I'm telling you, these affect the kernel of the router which means they affect any stream that terminates on the router like when you download packages, or maybe during DNS lookups or other things your router does.

Anything you do from the LAN is affected by the behavior of the OS on the LAN machine

For example wmem and rmem options are for write and read buffers... but only the endpoint writes or reads from streams... the router just passes packets from one interface to another.
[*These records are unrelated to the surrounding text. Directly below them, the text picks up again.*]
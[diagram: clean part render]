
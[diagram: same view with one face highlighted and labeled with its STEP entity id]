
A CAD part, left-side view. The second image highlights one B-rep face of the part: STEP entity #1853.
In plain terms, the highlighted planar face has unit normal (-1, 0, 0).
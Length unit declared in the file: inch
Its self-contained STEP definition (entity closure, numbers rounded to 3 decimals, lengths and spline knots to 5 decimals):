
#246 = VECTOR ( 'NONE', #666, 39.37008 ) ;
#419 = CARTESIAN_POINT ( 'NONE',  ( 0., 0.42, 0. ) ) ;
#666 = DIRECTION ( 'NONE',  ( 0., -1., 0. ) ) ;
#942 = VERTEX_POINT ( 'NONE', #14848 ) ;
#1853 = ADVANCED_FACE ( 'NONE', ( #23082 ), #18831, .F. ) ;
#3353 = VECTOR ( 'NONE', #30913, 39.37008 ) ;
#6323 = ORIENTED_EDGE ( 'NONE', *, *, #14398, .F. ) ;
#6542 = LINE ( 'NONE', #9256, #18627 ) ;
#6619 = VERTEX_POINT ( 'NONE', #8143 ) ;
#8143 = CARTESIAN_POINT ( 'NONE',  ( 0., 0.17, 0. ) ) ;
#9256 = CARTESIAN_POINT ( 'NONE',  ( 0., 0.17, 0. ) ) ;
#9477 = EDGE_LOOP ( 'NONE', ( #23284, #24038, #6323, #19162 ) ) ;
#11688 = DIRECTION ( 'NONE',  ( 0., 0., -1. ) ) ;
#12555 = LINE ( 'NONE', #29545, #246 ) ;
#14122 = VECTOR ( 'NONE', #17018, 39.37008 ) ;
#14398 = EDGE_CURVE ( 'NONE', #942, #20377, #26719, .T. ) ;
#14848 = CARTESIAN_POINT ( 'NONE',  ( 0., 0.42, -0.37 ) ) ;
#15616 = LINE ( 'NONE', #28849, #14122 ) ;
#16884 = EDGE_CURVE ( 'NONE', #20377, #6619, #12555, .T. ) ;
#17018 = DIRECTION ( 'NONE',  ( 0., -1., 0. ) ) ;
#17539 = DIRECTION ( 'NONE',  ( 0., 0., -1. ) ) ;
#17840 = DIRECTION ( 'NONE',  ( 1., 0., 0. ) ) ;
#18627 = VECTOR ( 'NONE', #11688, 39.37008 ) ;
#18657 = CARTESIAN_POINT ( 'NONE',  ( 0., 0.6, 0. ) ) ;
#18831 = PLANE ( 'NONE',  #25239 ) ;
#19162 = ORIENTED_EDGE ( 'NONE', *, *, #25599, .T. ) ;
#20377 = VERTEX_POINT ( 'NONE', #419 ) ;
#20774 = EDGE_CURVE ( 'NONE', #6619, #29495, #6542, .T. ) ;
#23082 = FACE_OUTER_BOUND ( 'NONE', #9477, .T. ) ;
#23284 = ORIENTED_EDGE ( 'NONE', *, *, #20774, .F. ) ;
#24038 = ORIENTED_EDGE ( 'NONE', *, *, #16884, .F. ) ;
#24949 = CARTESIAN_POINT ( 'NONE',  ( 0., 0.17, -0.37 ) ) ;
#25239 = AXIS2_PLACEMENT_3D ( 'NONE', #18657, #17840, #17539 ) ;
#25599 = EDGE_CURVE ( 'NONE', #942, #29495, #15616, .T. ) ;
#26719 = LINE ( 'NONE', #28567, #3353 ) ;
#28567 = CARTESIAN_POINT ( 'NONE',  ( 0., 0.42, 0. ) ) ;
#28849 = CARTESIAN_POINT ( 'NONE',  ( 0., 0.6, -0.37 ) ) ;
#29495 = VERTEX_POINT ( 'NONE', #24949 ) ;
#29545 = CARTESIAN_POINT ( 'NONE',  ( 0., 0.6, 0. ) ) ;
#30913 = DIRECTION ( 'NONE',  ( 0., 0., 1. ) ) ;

moeller0 · February 17, 2020, 10:03am

Which, as far as I can tell is a good thing, window scaling was introduced not to cater to slow short links, but to allow fully saturating long and/or fast links, it is all about allowing enough in flight data to not be limited by the TCP windows. The core idea is that of the bandwidth delay product BDP, which tells you the volume of traffic that needs to be inflight if you want t saturate a link with a given bandwidth and RTT; any thing that increases either the delay or the bandwidth also increases the BDP and hence requires larger windows. With your access link you can rule out bandwidth becoming a problem, but you can not control delay, so I wonder what improvement you expect from disabling window scaling in principle?